To determine whether the suppression of A549, AGS, and Caco-2 cell motility and tumorigenicity in the presence of 1 involves the epithelial–mesenchymal transition (EMT), the expression of EMT effectors and transcription factors were examined. As shown in Figure 7a, 1 decreased mRNA expression of the mesenchymal marker N-cadherin but increased that of the epithelial marker E-cadherin in all three cell types. Further, 1 significantly decreased the mRNA expression of the EMT transcription factors, Snail, Slug, and Twist, in all three cell types, as shown in Figure 7b. In summary, these results indicate that 1 modulates the expression of the EMT effector N-cadherin by downregulating the transcription factors Snail, Slug, and Twist.

To examine whether the suppression of A549, AGS, and Caco-2 cell motility and tumorigenicity in the presence of 1 involves KITENIN and AP-1, the protein and mRNA expression levels of KITENIN and AP-1, including their activities, were examined. Epidermal growth factor increases KITENIN-mediated AP-1 activity, and there is an inverse relationship between KAI and KITENIN [26]. As shown in Figure 8a, at a concentration of 5 μM, 1 suppressed AP-1 activity. Figure 8b,c show that 1 suppressed the activity of the KITENIN 3′-UTR, while the KITENIN promoter did not show significant change. Figure 8d,e indicates that the protein level of KITENIN decreased in A549, AGS, and Caco-2 during treatment. The mRNA expression level of KITENIN was also suppressed in A549, AGS, and Caco-2, whereas the mRNA level of KAI1 was increased by 1 (Figure 8f). As a result, 1 decreased cell motility by downregulating the expression level of KITENIN while upregulating that of KAI1.

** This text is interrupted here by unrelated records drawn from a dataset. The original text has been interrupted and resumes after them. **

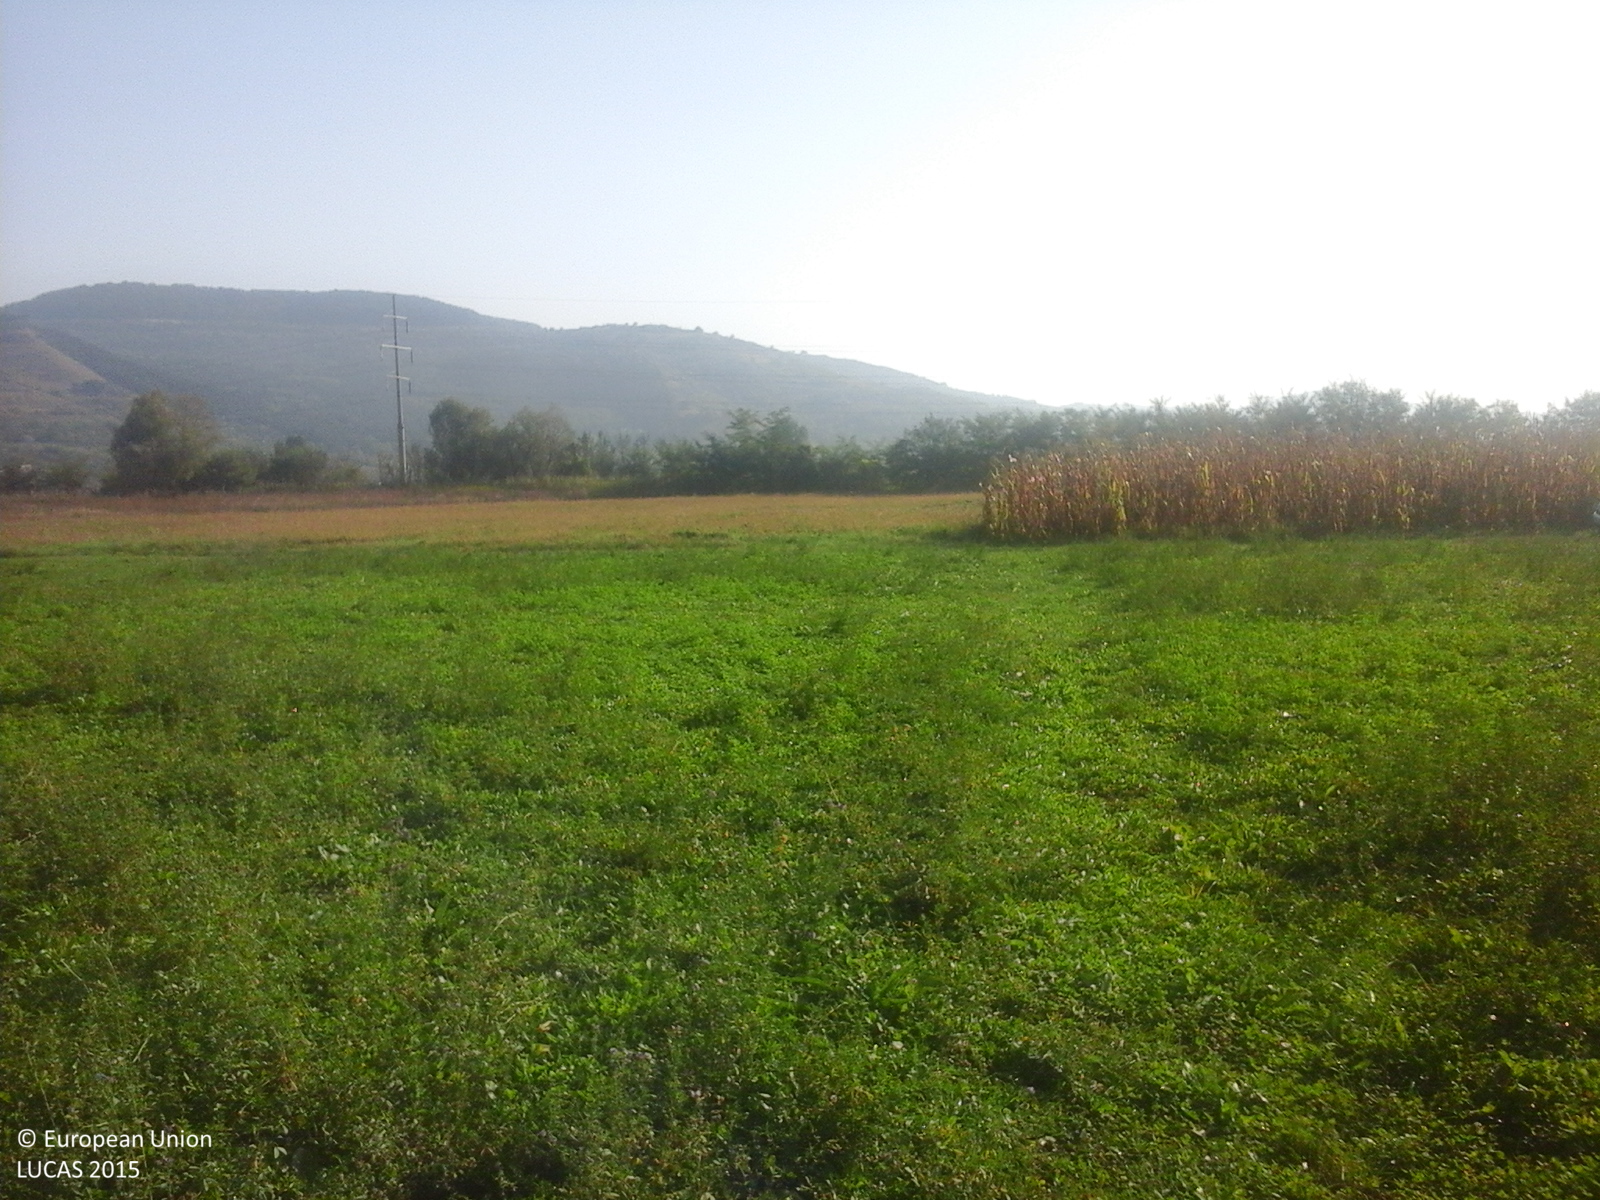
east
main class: Cropland
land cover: Other leguminous and mixtures for fodder
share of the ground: > 75 %
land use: Agriculture (excluding fallow land and kitchen gardens)
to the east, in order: Other leguminous and mixtures for fodder; Tracks; Maize; Abandoned hedges; Rivers and streams; Abandoned hedges; Maize; Electric lines; Maize; Tracks; Grass margins; Fences; Other fruit trees and berries; Fences; Grassland without tree/shrub cover
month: September
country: RO
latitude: 47.0229
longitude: 23.9331
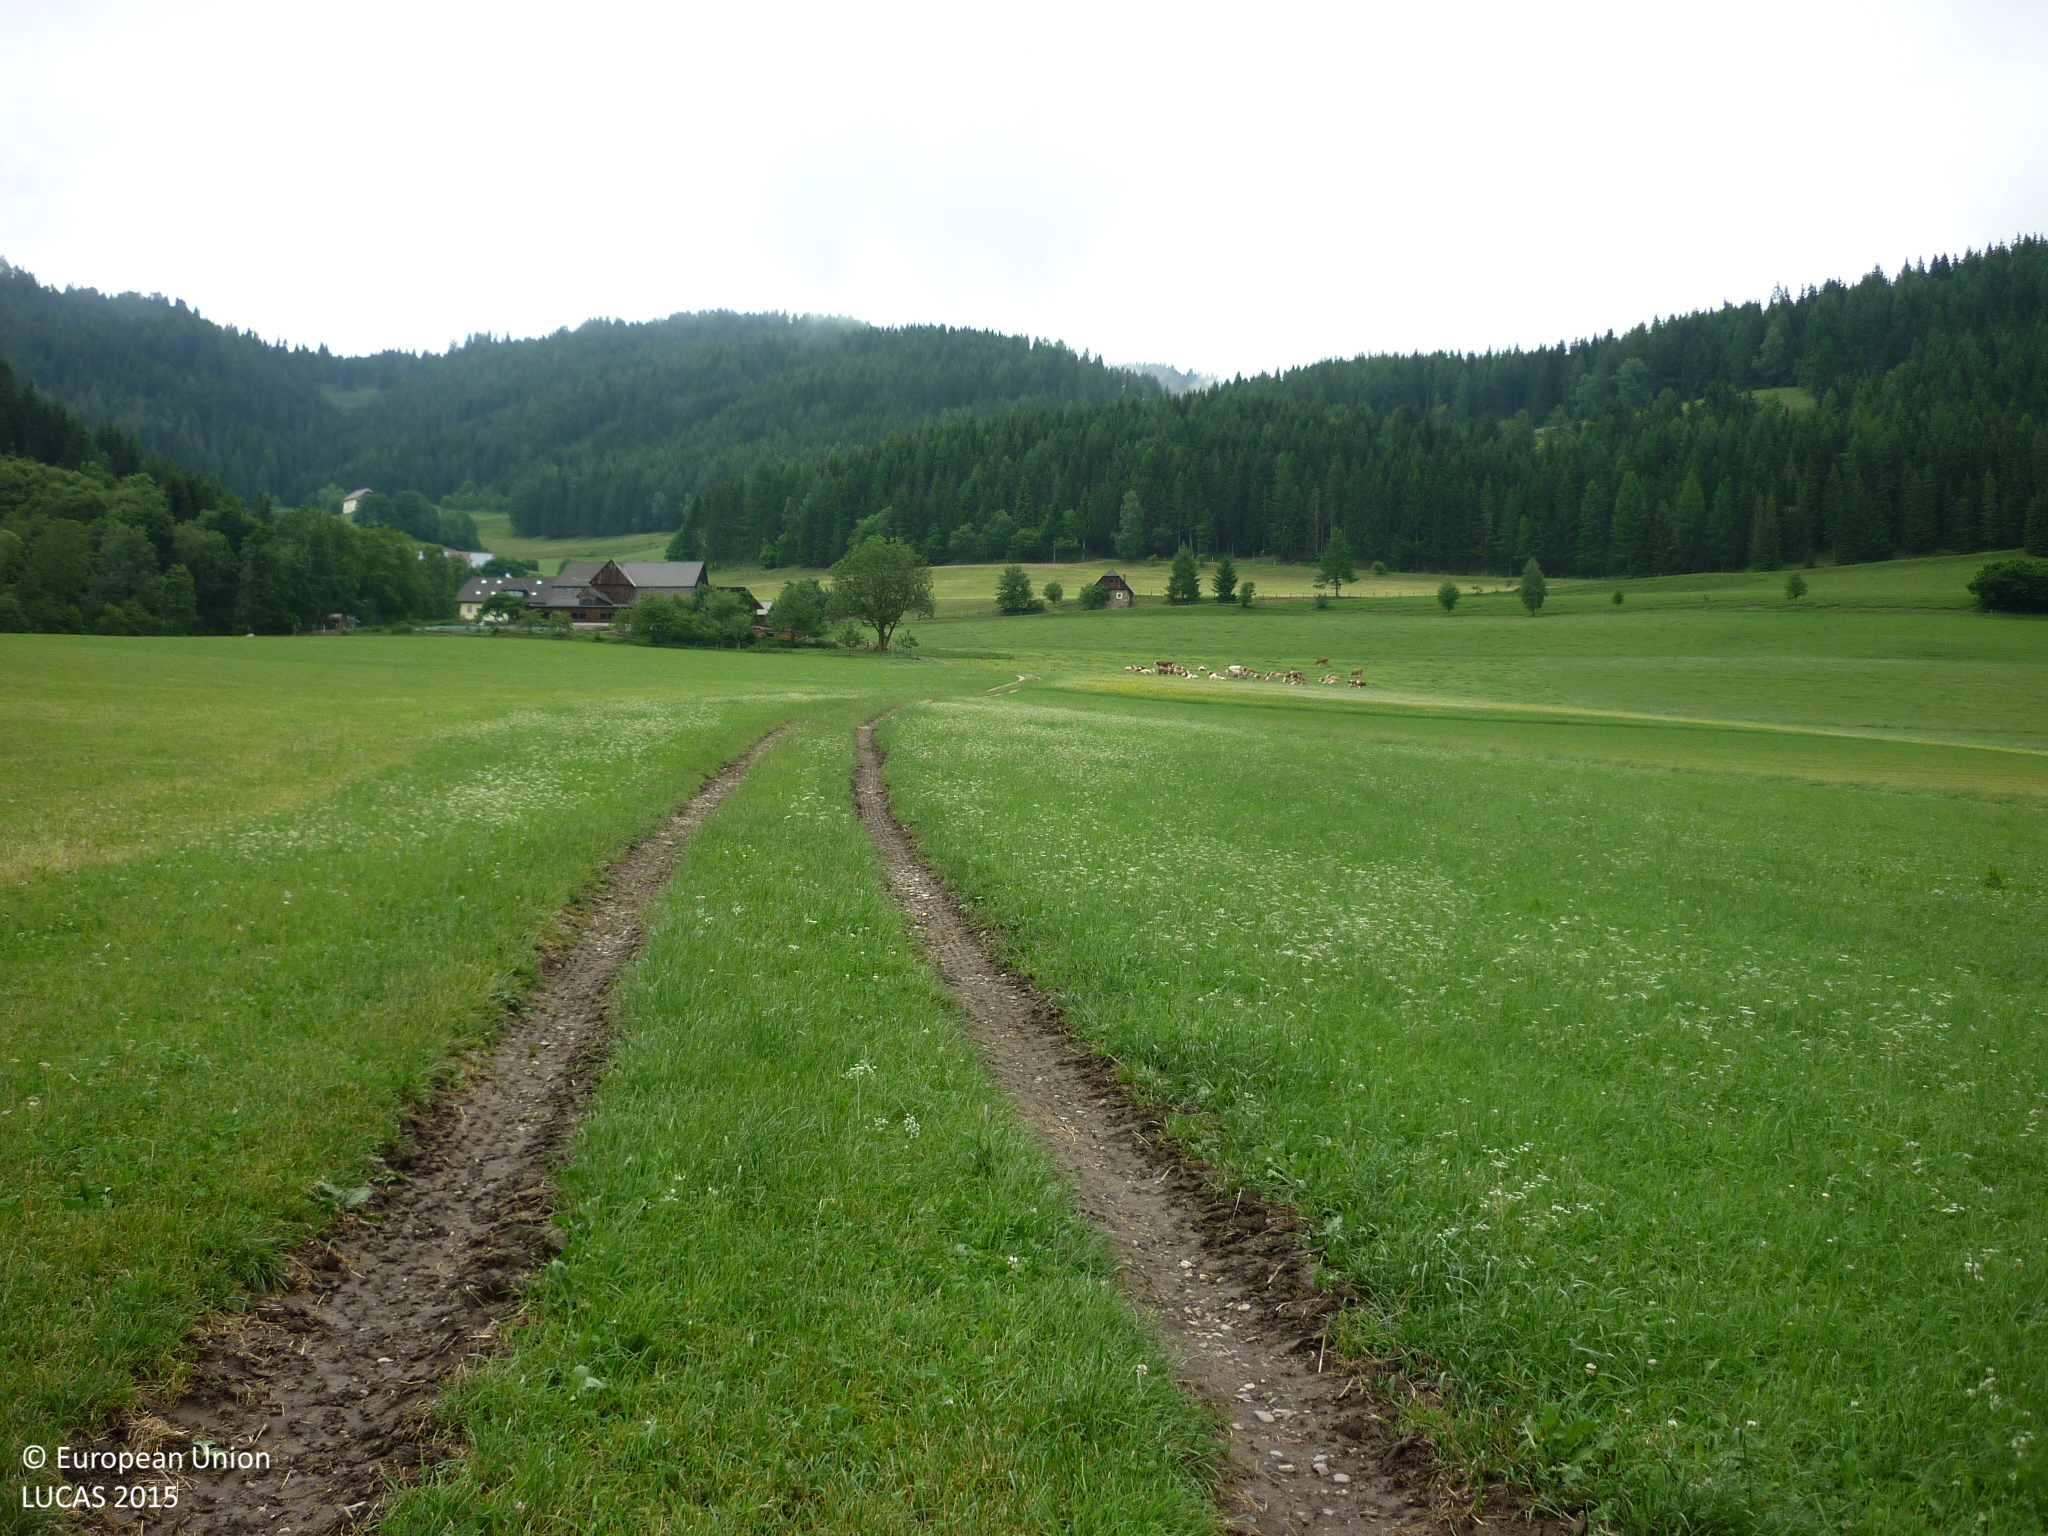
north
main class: Grassland
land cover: Grassland without tree/shrub cover
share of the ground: > 75 %
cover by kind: herbaceous plants 100 %
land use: Agriculture (excluding fallow land and kitchen gardens)
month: June
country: AT
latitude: 47.0940
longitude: 14.3063
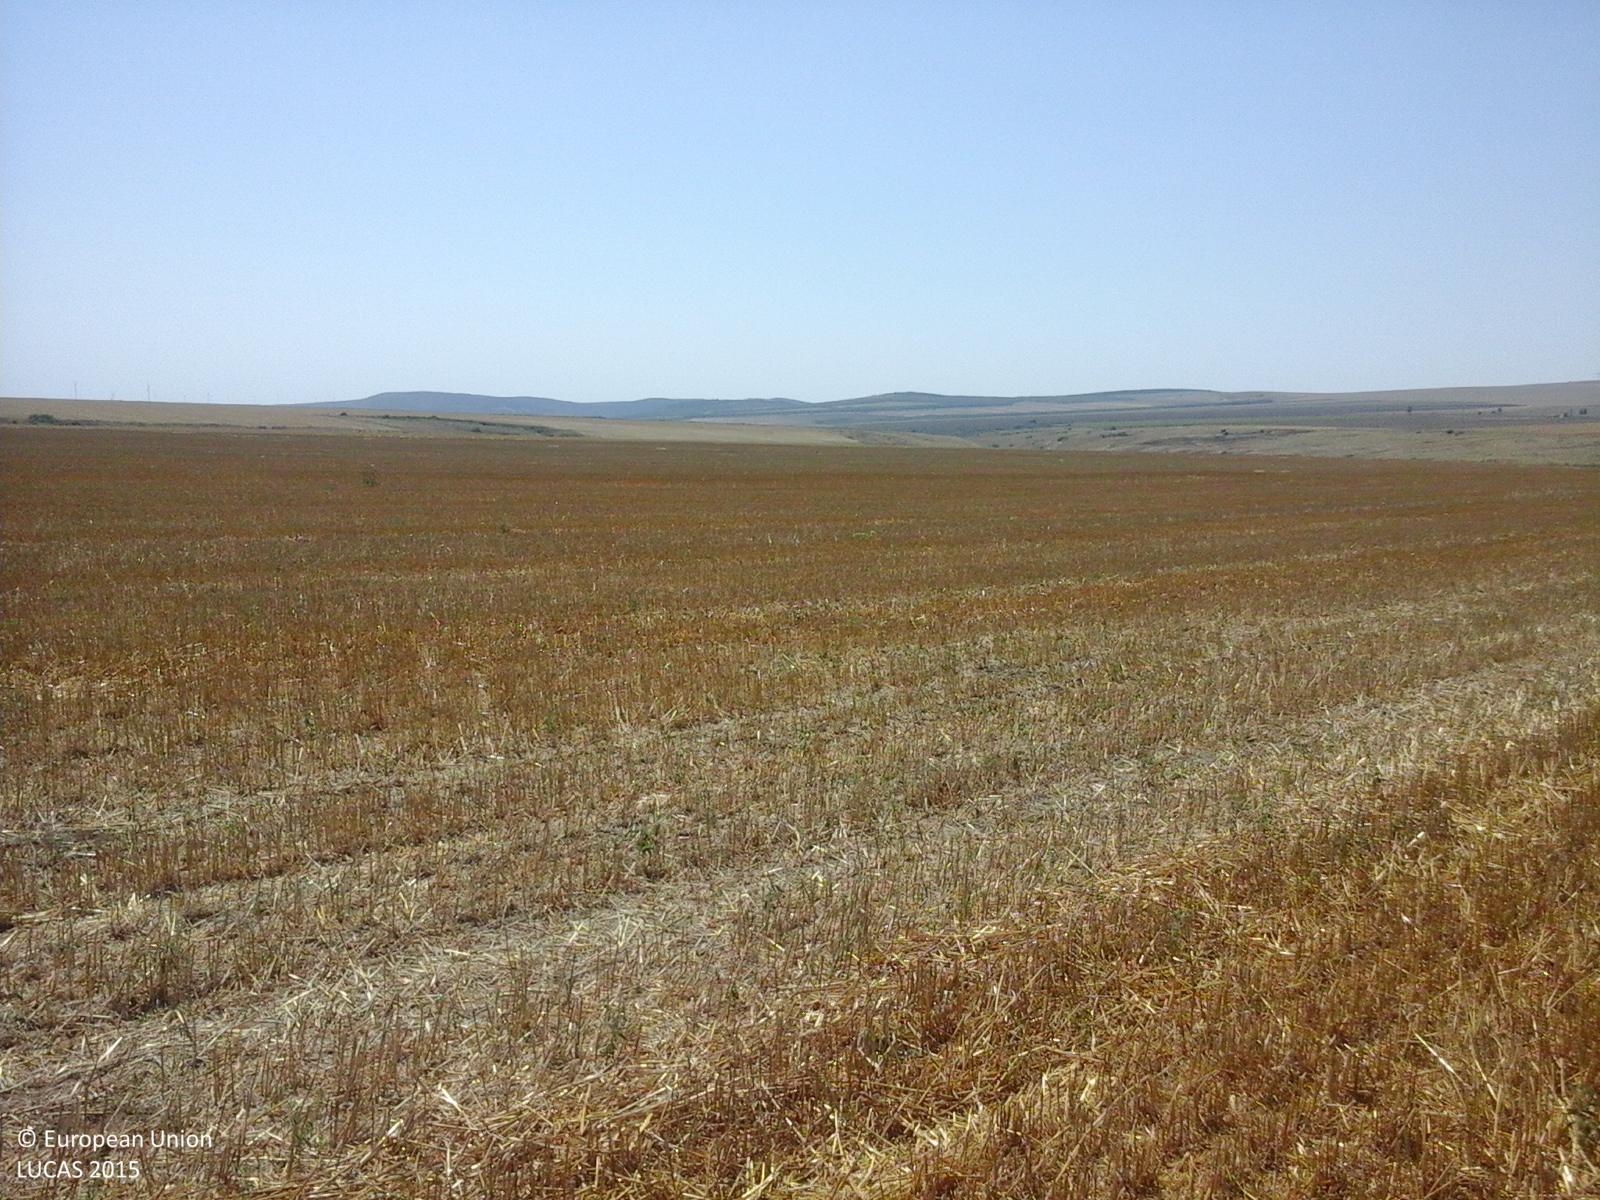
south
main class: Cropland
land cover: Common wheat
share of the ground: 50 - 75 %
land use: Agriculture (excluding fallow land and kitchen gardens)
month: August
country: RO
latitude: 44.5680
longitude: 28.2090
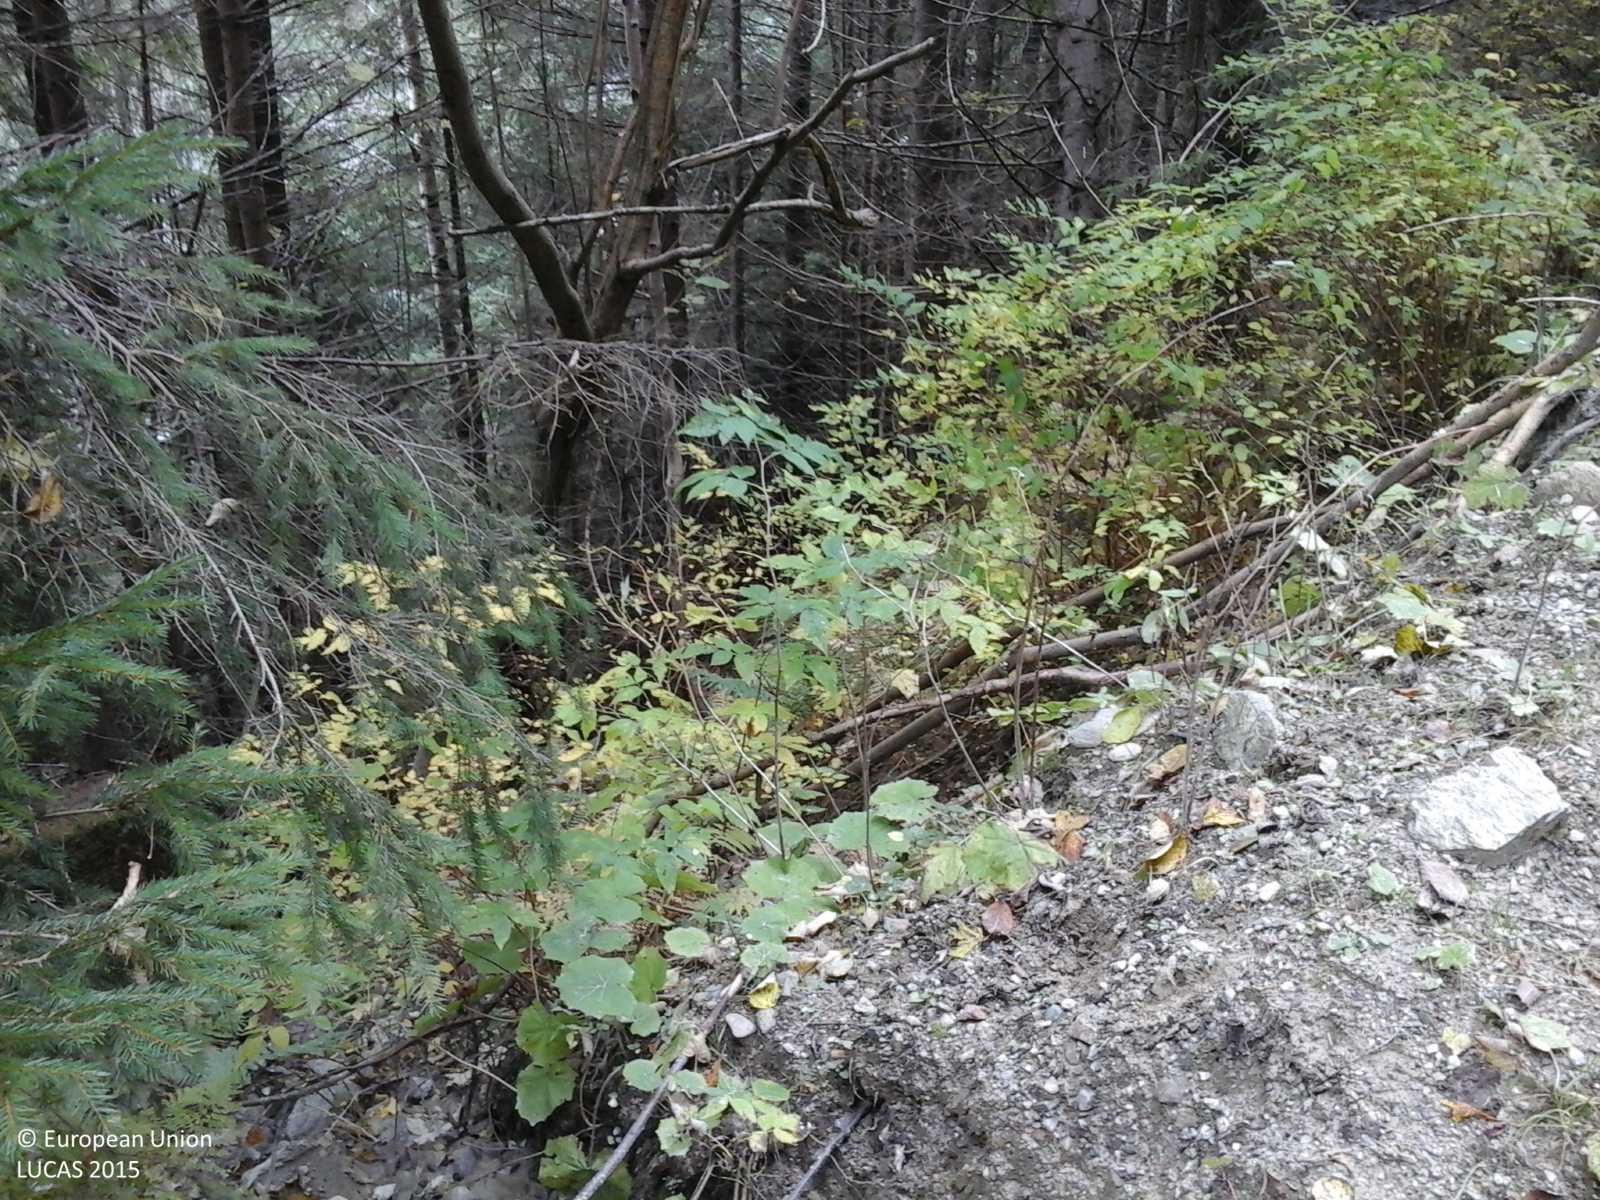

We performed TOPFLASH reporter assays to assess whether treatment with 1 modulates β-catenin-mediated and/or KITENIN-mediated signaling activity. Treatment with 5 µM of 1 significantly decreased β-catenin-mediated TOPFLASH activity on HEK293T by 30% (Figure 9a). In addition, Figure 9b–d indicates that treatment with 1 decreased mRNA expression and the protein level of β-catenin on AGS and Caco-2 cells; however, treatment with 1 did not significantly affect the mRNA expression and protein level of β-catenin in A549 cells.

The protein level of total, cytoplasmic, and nuclear β-catenin was examined to test whether 1 affected the nuclear/cytoplasmic distribution of β-catenin in A549 cells. As shown in Figure 10a,b, treatment with 5 µM of 1 did not affect the level of total β-catenin, whereas it decreased the β-catenin nuclear to cytoplasmic ratio remarkably in A549 cells compared to DMSO. To further test the effect of 1 on the levels of downstream target genes of β-catenin, qRT-PCR analysis was performed. As shown in Figure 10c, treatment with 5 µM of 1 suppressed the mRNA expression of cyclin-D1 in A549 and CD44 in Caco-2, while treatment with 5 µM of 1 suppressed the mRNA expression of c-Myc and CD44 in AGS cells for 24 h. Moreover, the β-catenin downstream target genes, including c-Myc, CD44, and cyclin-D1, were suppressed in AGS cells during treatment with 5 µM of 1 for 48 h (Figure 10d). Treatment with 5 µM of 1 suppressed the mRNA expression of cyclin-D1 and CD44 in A549, while 5 µM of 1 suppressed the mRNA expression of CD44 in Caco-2 cells for 48 h (Figure 10d). These results show that 1 decreased β-catenin-mediated TOPFLASH activity and its downstream targets in three cancer cells.

We examined the effect of 1 on the Notch signal pathway in A549, AGS, and Caco-2 cells and found that treatment with 5 µM of 1 significantly decreased the relative CSL activity in HEK293T cells by approximately 20% (Figure 11a). In addition, the relative Hes-1 activity in HEK293T and mRNA expression of Hes-1 in AGS, A549, and Caco-2 cells decreased during treatment with 5 µM, as shown in Figure 11b,c. The level of expression of HES correlated with NICD and CSL. Treatment with 1 decreased the level of Cleaved Notch1 in A549, AGS, and Caco-2 cells (Figure 11d,e). This result indicates that 1 slightly suppressed the Notch signal pathway in A549, AGS, and Caco-2 cells.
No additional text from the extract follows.